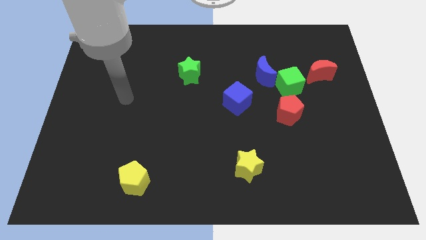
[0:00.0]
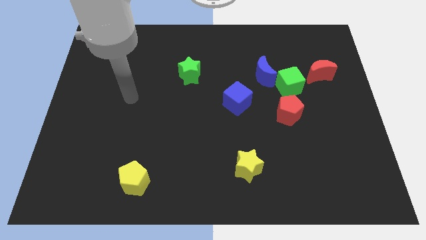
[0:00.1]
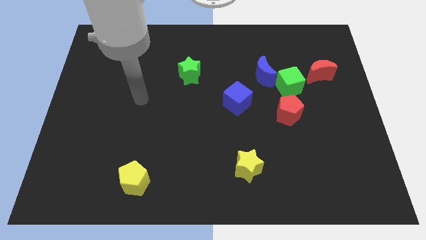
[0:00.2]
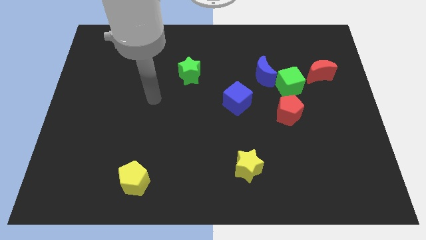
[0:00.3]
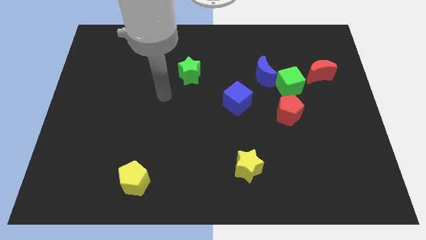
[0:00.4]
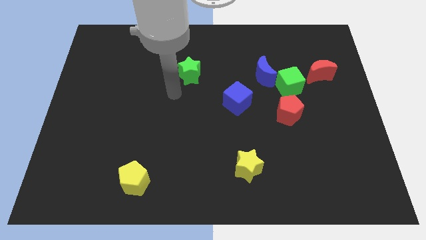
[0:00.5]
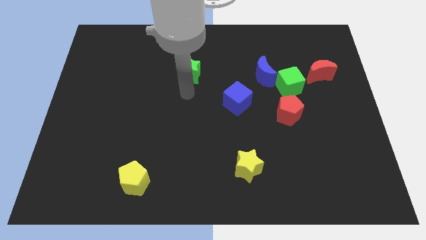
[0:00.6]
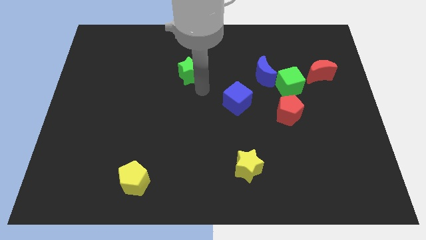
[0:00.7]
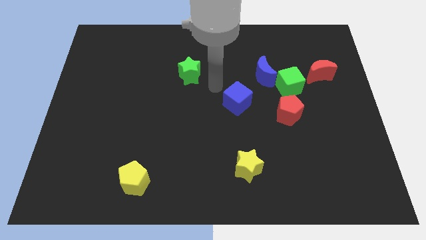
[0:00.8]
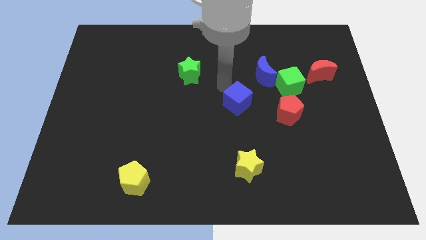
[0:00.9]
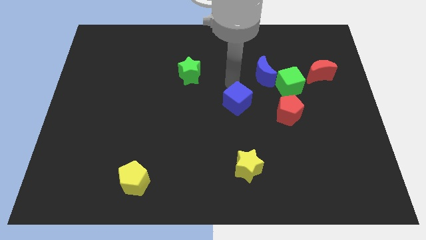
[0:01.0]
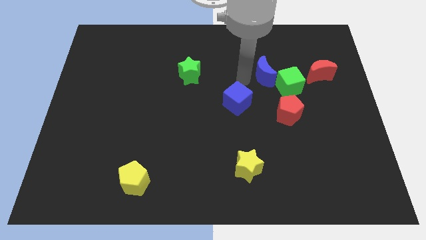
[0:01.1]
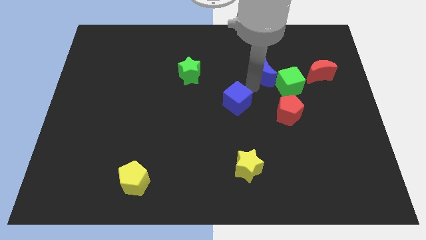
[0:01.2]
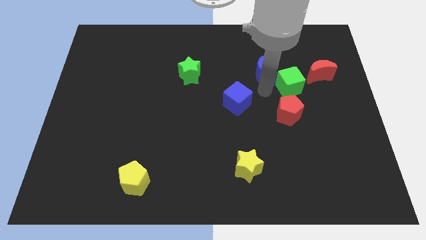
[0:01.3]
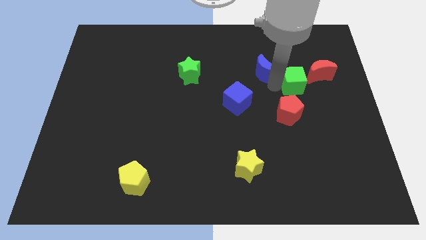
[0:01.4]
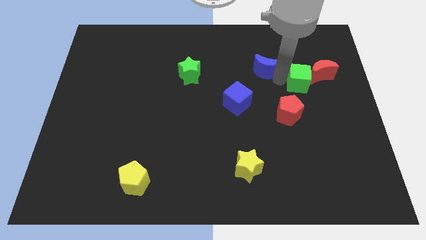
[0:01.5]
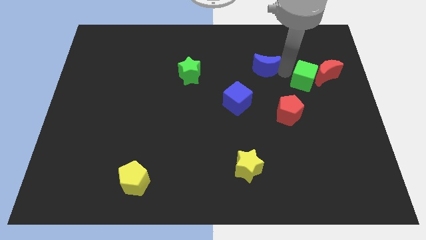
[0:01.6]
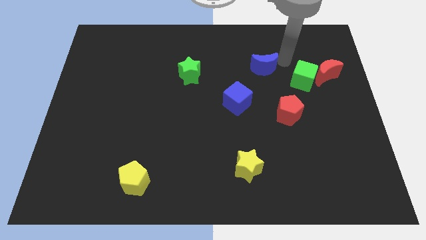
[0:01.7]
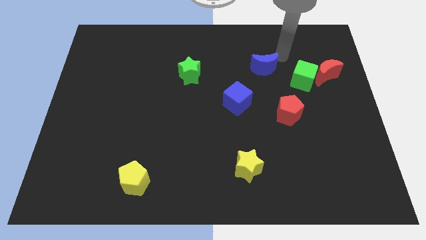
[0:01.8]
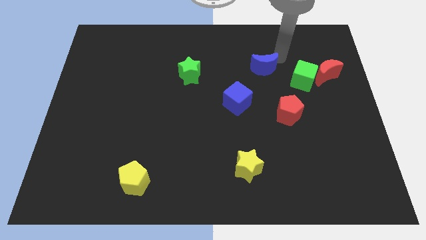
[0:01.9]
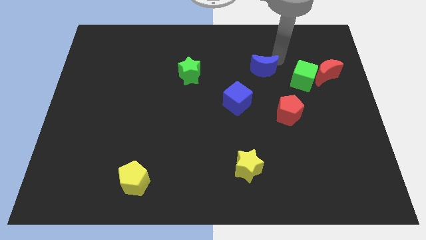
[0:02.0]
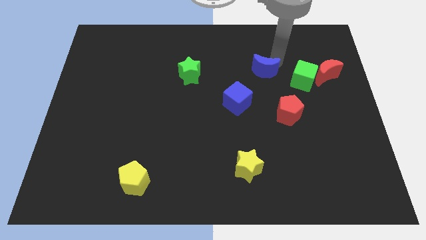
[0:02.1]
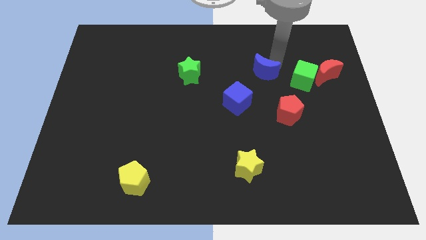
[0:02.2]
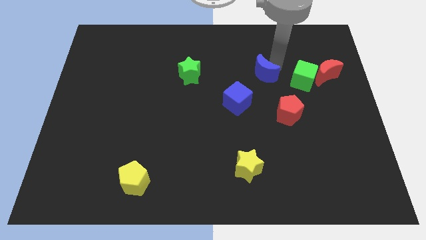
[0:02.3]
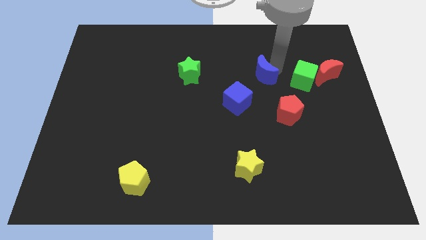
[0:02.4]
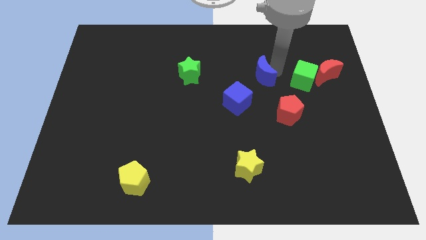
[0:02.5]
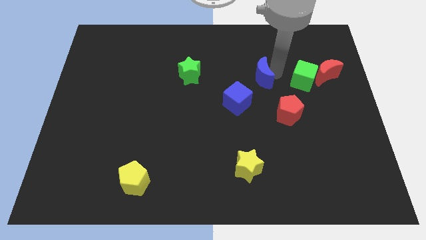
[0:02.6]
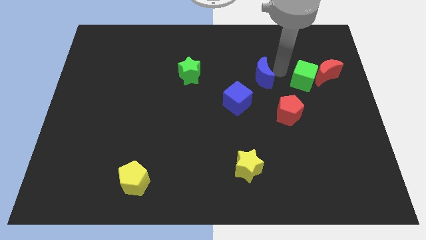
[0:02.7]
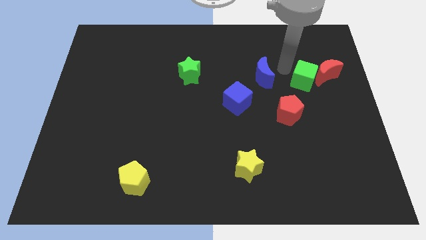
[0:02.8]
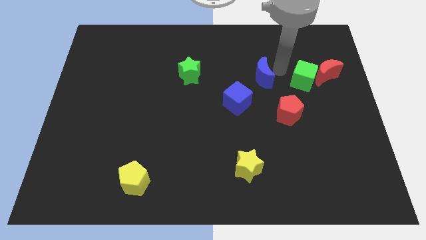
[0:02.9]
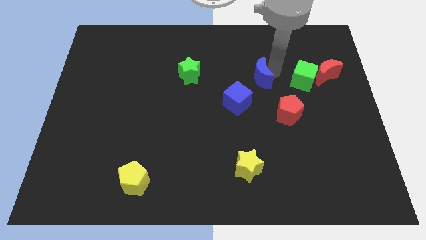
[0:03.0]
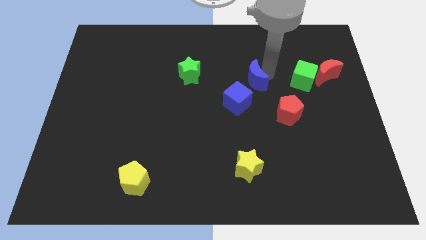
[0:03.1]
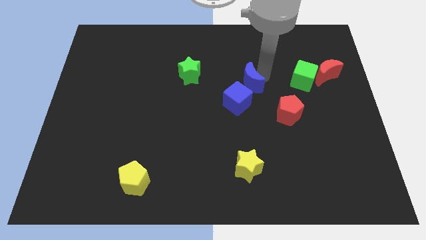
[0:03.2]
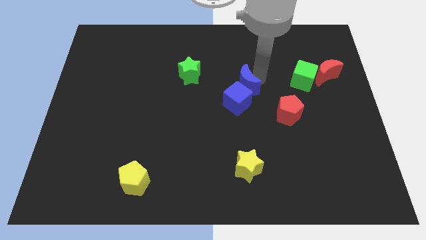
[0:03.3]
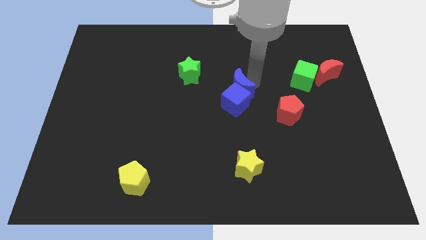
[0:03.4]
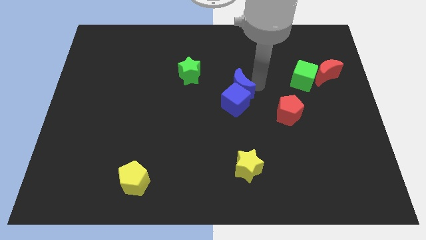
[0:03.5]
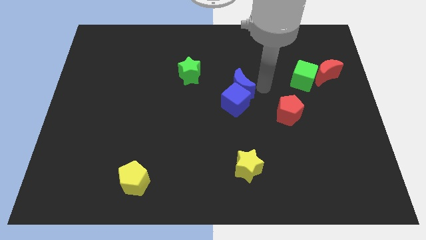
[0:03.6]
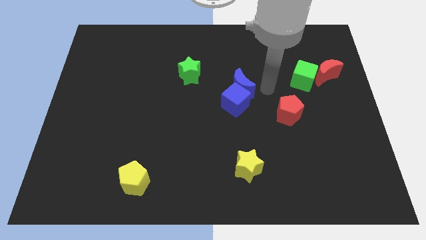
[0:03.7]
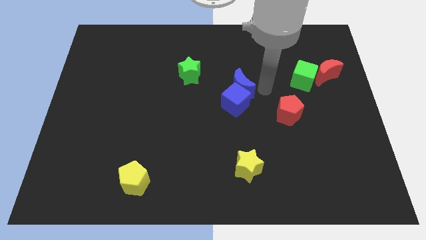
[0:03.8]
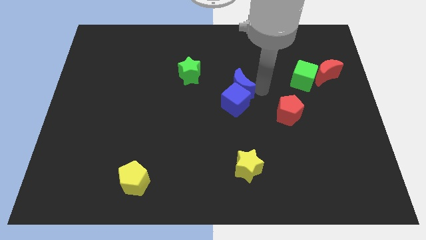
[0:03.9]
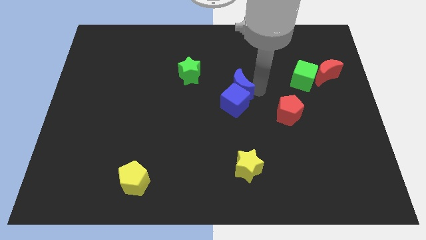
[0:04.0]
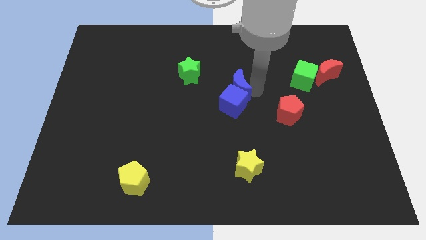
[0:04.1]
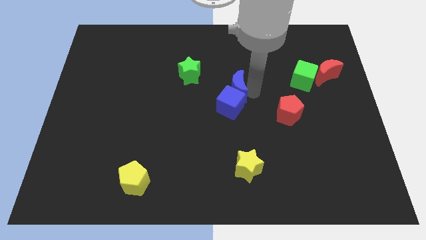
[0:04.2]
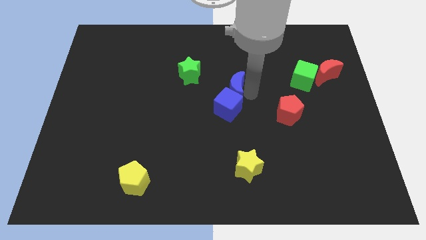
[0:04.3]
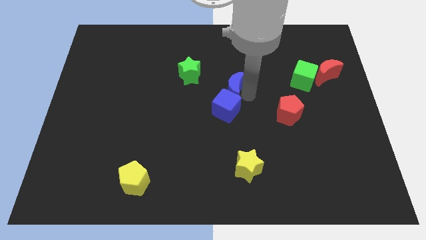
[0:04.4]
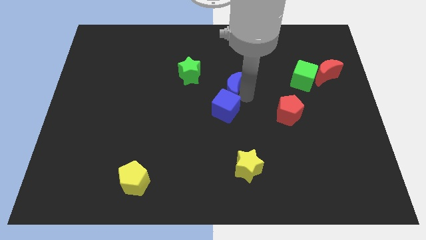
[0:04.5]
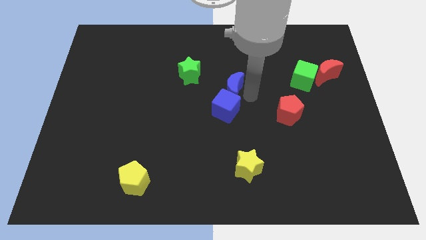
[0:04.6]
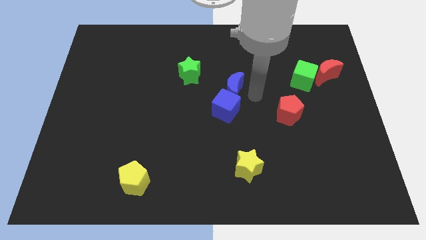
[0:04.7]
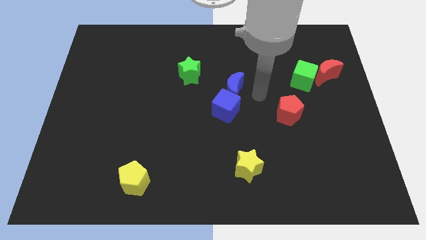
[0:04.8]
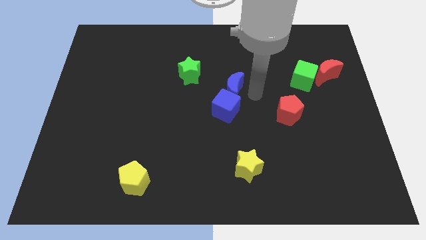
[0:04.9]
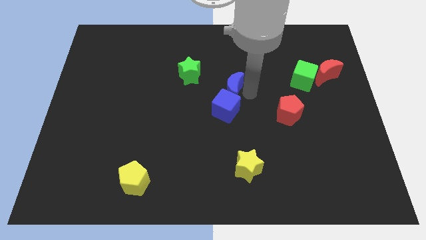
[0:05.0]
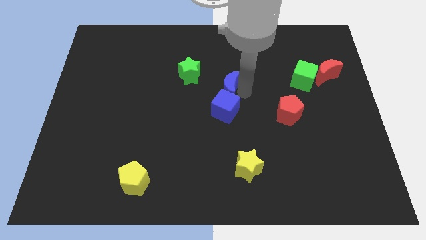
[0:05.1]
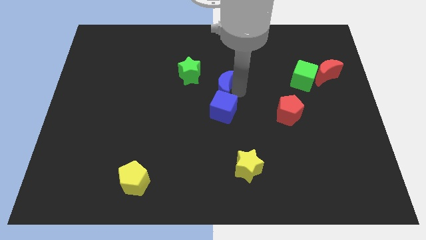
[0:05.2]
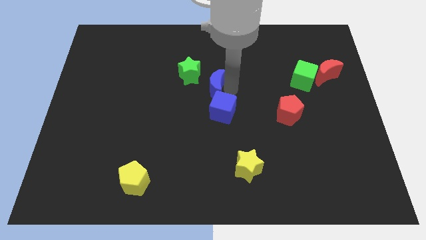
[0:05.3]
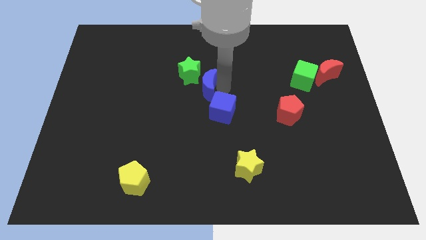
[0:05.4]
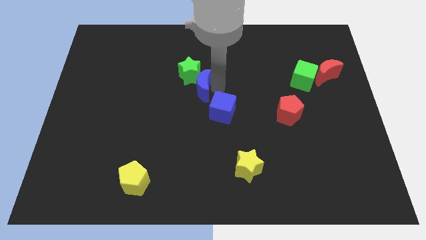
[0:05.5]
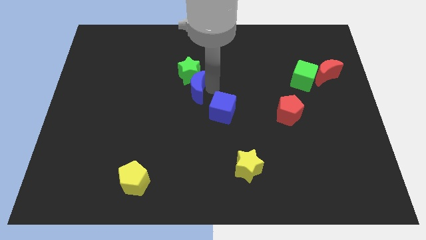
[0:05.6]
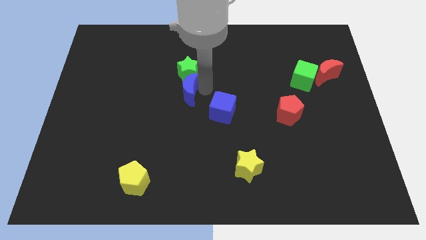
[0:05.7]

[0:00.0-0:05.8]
put the blue moon to the bottom left of the green star
##########
* [Required action]
Your response must restate every record above exactly, with each picture omitted.

* [Answer to the problem]
[0:00.0]
[0:00.1]
[0:00.2]
[0:00.3]
[0:00.4]
[0:00.5]
[0:00.6]
[0:00.7]
[0:00.8]
[0:00.9]
[0:01.0]
[0:01.1]
[0:01.2]
[0:01.3]
[0:01.4]
[0:01.5]
[0:01.6]
[0:01.7]
[0:01.8]
[0:01.9]
[0:02.0]
[0:02.1]
[0:02.2]
[0:02.3]
[0:02.4]
[0:02.5]
[0:02.6]
[0:02.7]
[0:02.8]
[0:02.9]
[0:03.0]
[0:03.1]
[0:03.2]
[0:03.3]
[0:03.4]
[0:03.5]
[0:03.6]
[0:03.7]
[0:03.8]
[0:03.9]
[0:04.0]
[0:04.1]
[0:04.2]
[0:04.3]
[0:04.4]
[0:04.5]
[0:04.6]
[0:04.7]
[0:04.8]
[0:04.9]
[0:05.0]
[0:05.1]
[0:05.2]
[0:05.3]
[0:05.4]
[0:05.5]
[0:05.6]
[0:05.7]

[0:00.0-0:05.8]
put the blue moon to the bottom left of the green star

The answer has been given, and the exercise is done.